Le capital humain, levier essentiel de la richesse des nations

Le PIB et sa croissance, souvent considérés comme les indicateurs de référence quand il s’agit d’évaluer la situation économique d’un pays, font depuis longtemps l’objet de controverses. Déjà en 1992, suite au Sommet de la Terre à Rio, plusieurs économistes s’étaient penchés sur la notion de « durabilité », estimant que le PIB ne prenait pas en compte l’état des ressources naturelles, indispensables pourtant pour assurer une croissance économique sur le long terme. De même, la crise financière de 2008 nous a rappelés à quel point nos instruments de mesure de la bonne santé économique des pays et entreprises sont approximatifs, voire trompeurs.

Dans une nouvelle étude intitulée « The Changing Wealth of Nations 2018 », la Banque mondiale analyse l’évolution de la richesse de 141 pays entre 1995 et 2014, en prenant en compte quatre éléments. L’évaluation des richesses se base sur le capital naturel (ressources minières, forêts…), le capital produit (infrastructures…), les actifs étrangers nets et surtout le capital humain (revenus d’une personne sur toute sa vie). C’est la première fois que le capital humain est introduit dans une telle étude, illustrant ainsi l’importance de l’investissement dans les individus comme levier essentiel de la richesse des nations.

On constate ainsi que le capital humain constitue pas moins des deux tiers de la richesse mondiale. Dans les pays à revenu élevé, le capital humain représente 70% de la richesse contre seulement 40% dans les pays à faible revenu. Ainsi, lorsque l’on suit la trajectoire de pays à faible revenu devenus des pays à revenu intermédiaire entre 1995 et 2014, on observe un investissement des gains issus du capital naturel dans les infrastructures et dans l’éducation. À l’inverse, dans dix des 24 pays du groupe des pays à faible revenu, le capital naturel représente toujours plus de 50% de la richesse nationale.

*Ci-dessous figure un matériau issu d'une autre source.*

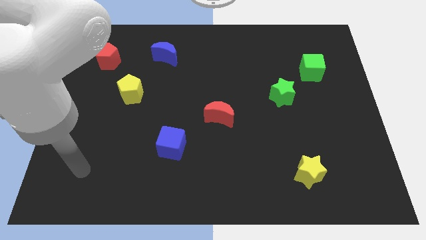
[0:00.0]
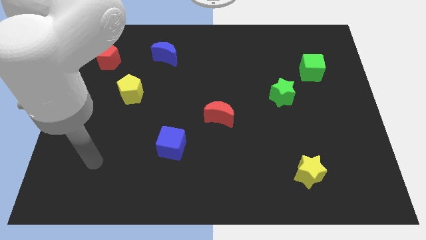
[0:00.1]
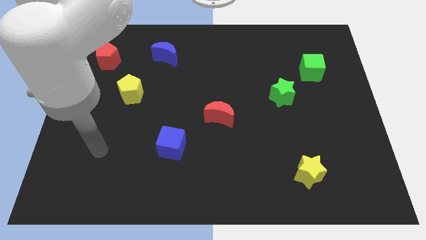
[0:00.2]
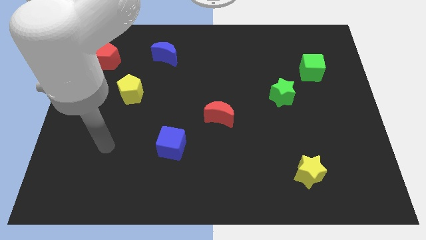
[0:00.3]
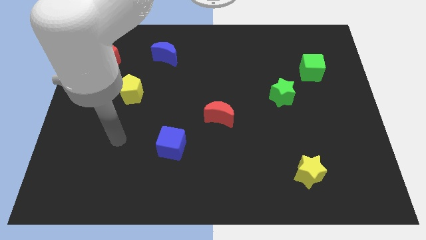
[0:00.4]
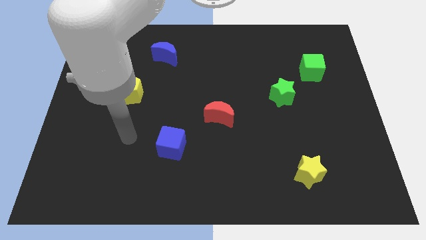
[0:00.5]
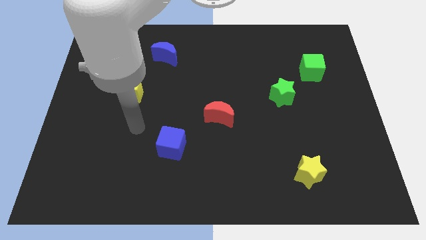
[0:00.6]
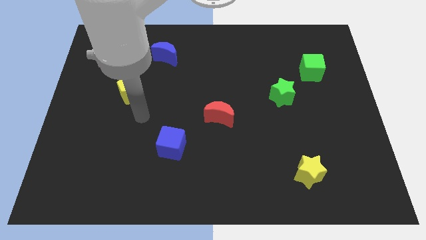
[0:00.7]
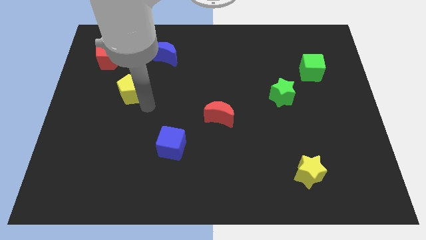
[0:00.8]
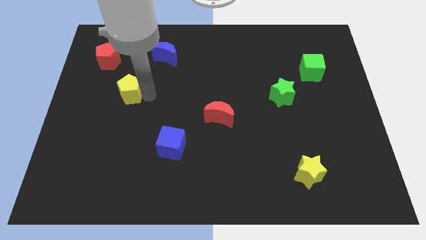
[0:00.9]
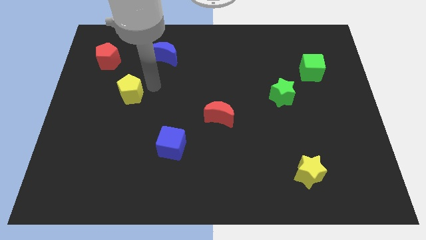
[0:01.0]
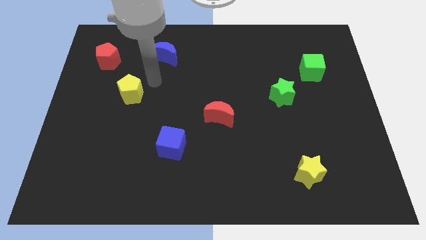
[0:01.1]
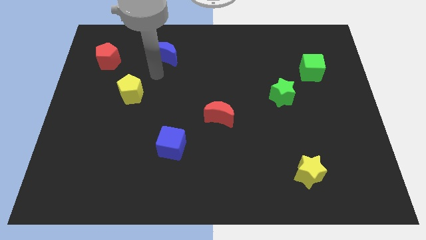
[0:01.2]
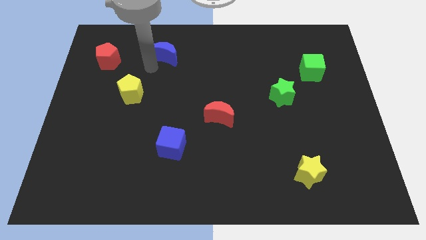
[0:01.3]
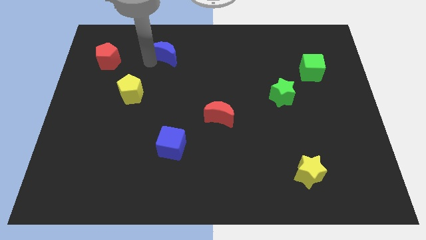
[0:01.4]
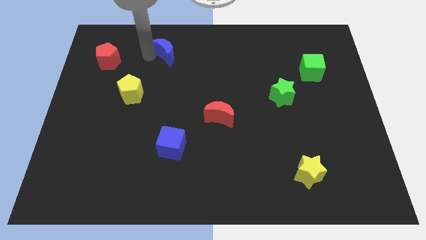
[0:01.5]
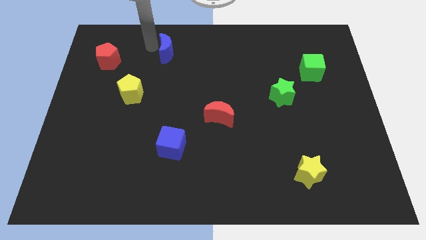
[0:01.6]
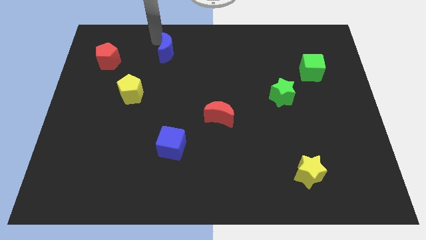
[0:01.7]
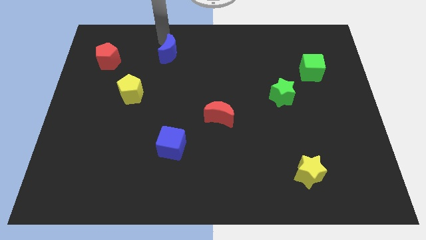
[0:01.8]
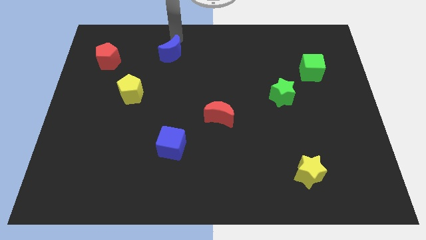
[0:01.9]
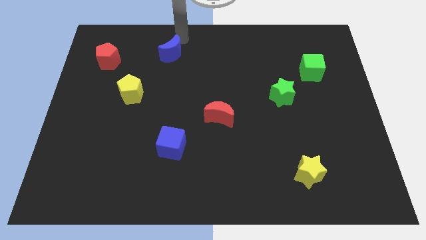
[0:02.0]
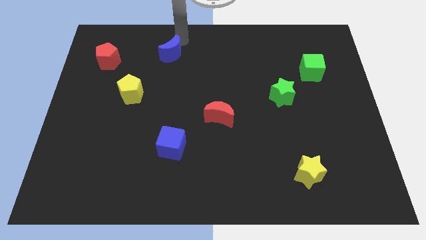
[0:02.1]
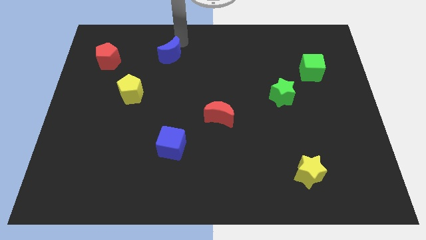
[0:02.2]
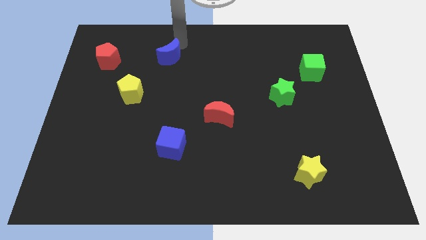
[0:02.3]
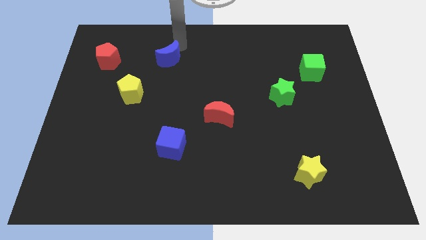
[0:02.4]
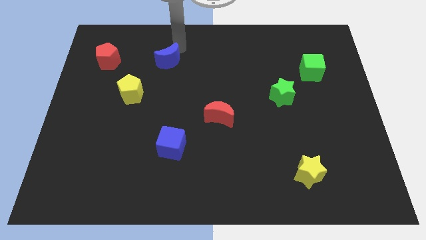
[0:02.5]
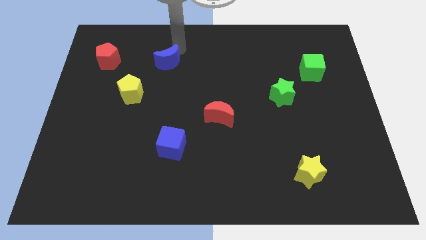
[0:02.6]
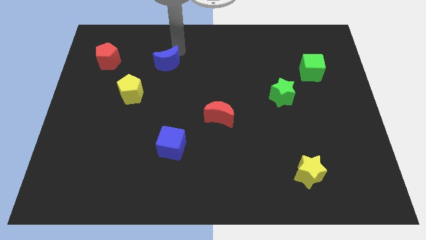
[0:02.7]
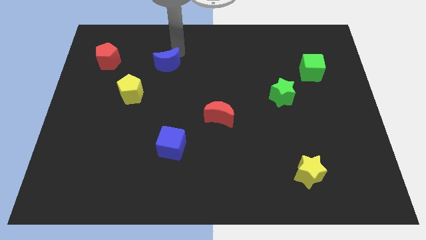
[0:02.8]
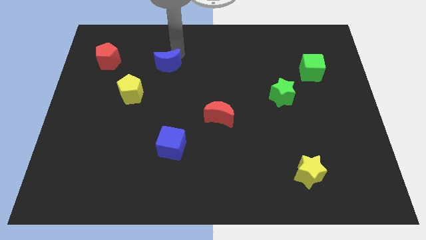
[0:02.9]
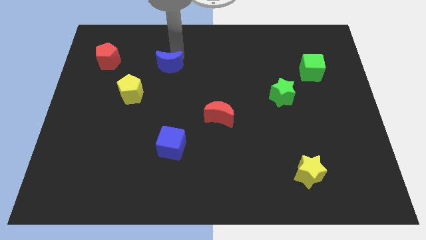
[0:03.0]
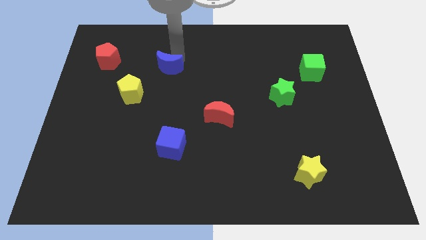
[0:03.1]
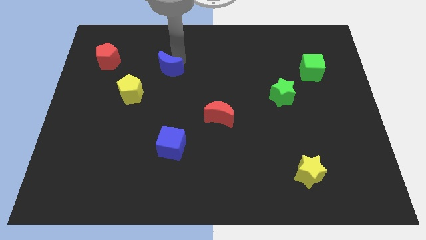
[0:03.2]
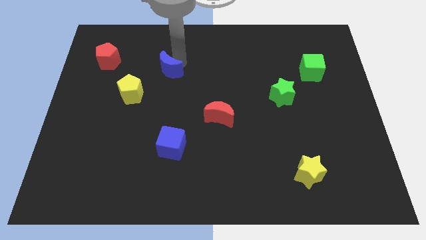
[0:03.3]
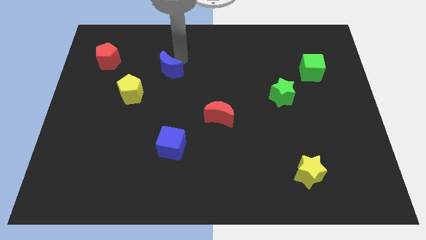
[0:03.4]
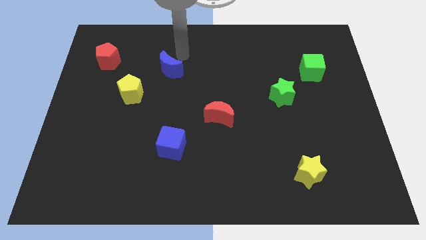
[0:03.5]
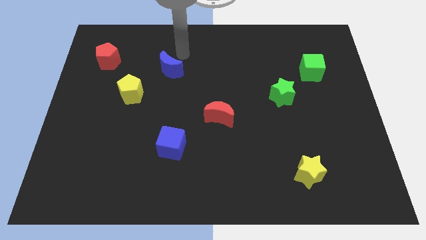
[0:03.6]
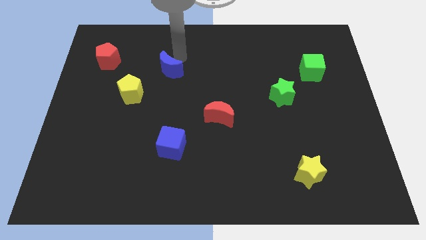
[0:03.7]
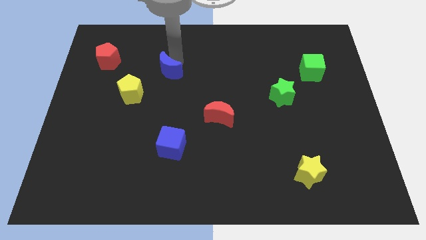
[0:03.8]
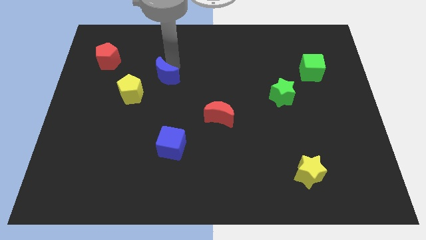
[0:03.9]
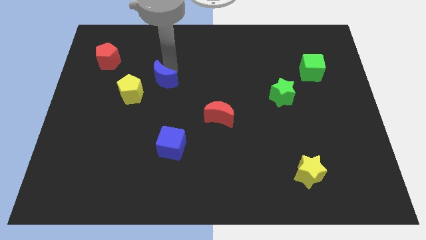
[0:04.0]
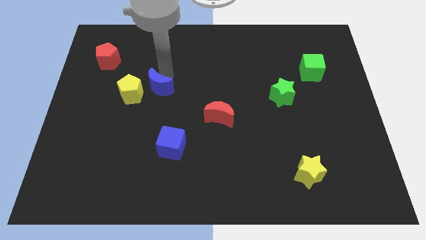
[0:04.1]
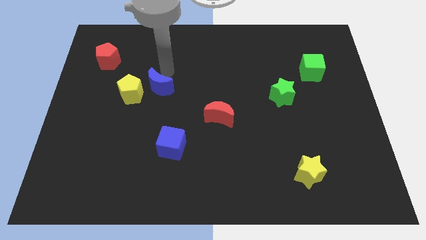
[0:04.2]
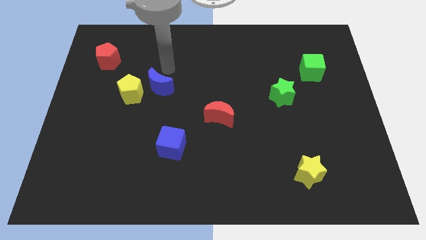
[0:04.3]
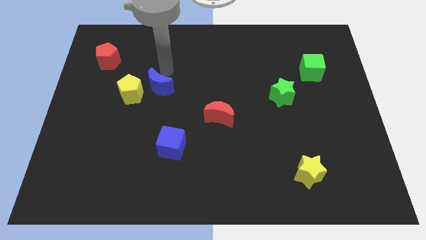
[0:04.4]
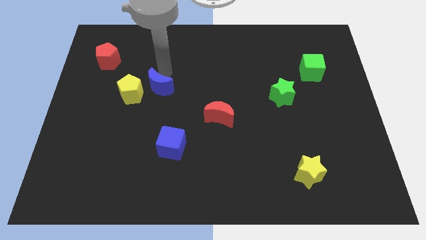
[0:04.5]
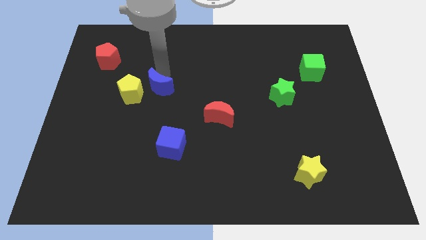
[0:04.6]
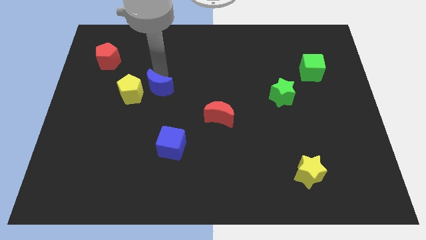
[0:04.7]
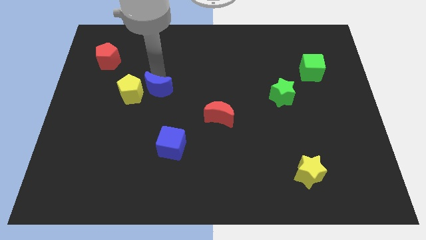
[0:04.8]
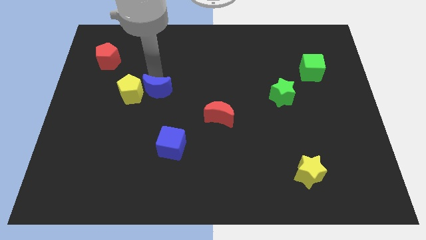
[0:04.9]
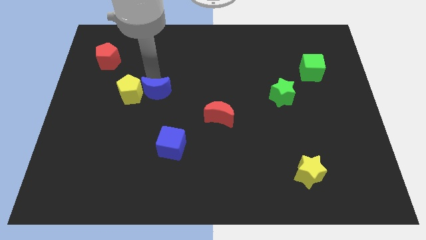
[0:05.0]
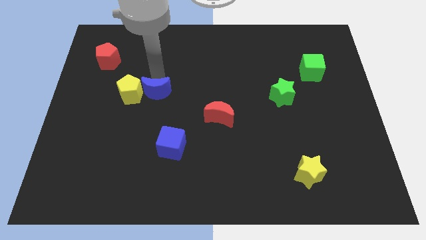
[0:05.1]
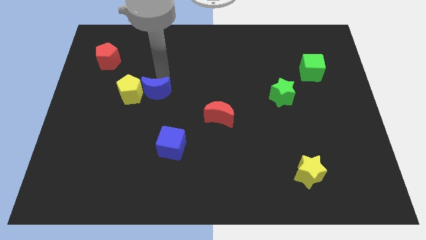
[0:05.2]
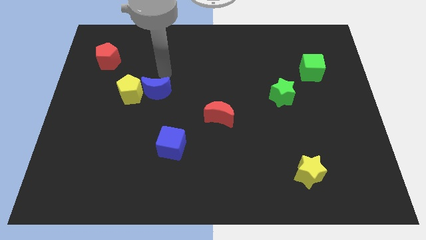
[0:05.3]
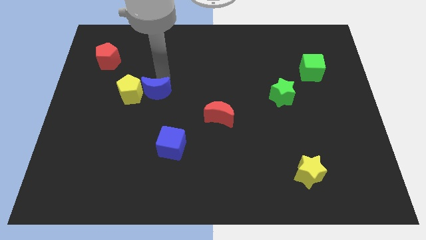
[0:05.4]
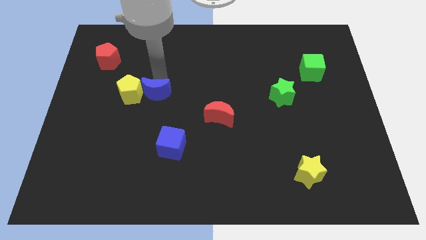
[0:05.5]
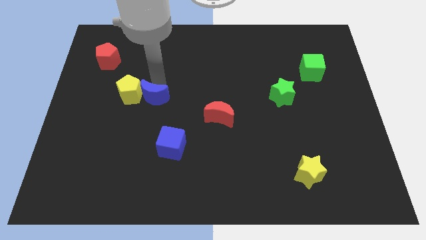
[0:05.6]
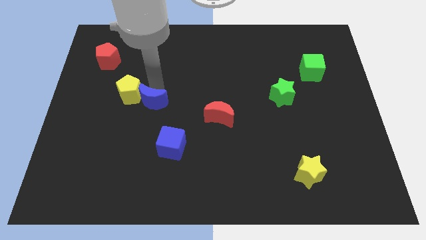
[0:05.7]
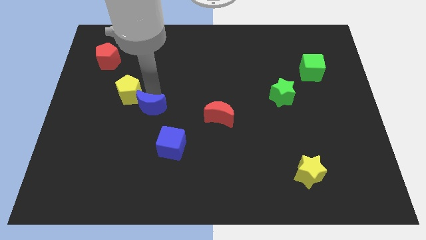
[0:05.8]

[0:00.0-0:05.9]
move the blue moon to the top left of the blue cube

À l’échelle mondiale, la richesse mondiale a augmenté, notamment avec le rattrapage des pays à revenu élevé par les pays à revenu intermédiaire. Néanmoins, les inégalités persistent puisque dans les pays de l’OCDE, la richesse par habitant continue d’être 52 fois supérieure à celle d’un habitant d’un pays à faible revenu. De plus, même si les pays à faible revenu affichent un quasi-doublement de leur niveau de richesse entre 1995 et 2014, la pression démographique de nombreux pays, essentiellement d’Afrique subsaharienne, n’a pas permis à la richesse par habitant de progresser autant que la moyenne mondiale.

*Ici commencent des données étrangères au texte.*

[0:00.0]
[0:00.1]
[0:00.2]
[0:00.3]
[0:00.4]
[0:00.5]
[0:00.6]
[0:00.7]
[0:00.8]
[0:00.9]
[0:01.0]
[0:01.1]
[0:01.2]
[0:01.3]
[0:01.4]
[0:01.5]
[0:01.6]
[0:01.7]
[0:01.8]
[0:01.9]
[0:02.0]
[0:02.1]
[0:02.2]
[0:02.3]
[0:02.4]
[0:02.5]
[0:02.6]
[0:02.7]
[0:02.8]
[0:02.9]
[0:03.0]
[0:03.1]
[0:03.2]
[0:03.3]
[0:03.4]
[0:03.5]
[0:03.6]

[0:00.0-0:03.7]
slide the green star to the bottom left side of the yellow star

En lisant ce rapport, on peut conclure que l’Afrique fait face à deux principaux défis : mener la transition d’une richesse issue du capital naturel vers le capital humain et mieux gérer sa pression démographique. Trop souvent frappés par la « malédiction des matières premières », les pays africains doivent réinvestir massivement les recettes liées à l’industrie extractive dans les infrastructures et l’éducation pour mettre en place les conditions nécessaires d’une croissance inclusive et durable. C’est dans ce contexte que les gouvernements africains doivent réfléchir à leurs stratégies de développement en gérant  l’enjeu démographique dans le but que notre jeunesse devienne effectivement la première richesse de notre continent.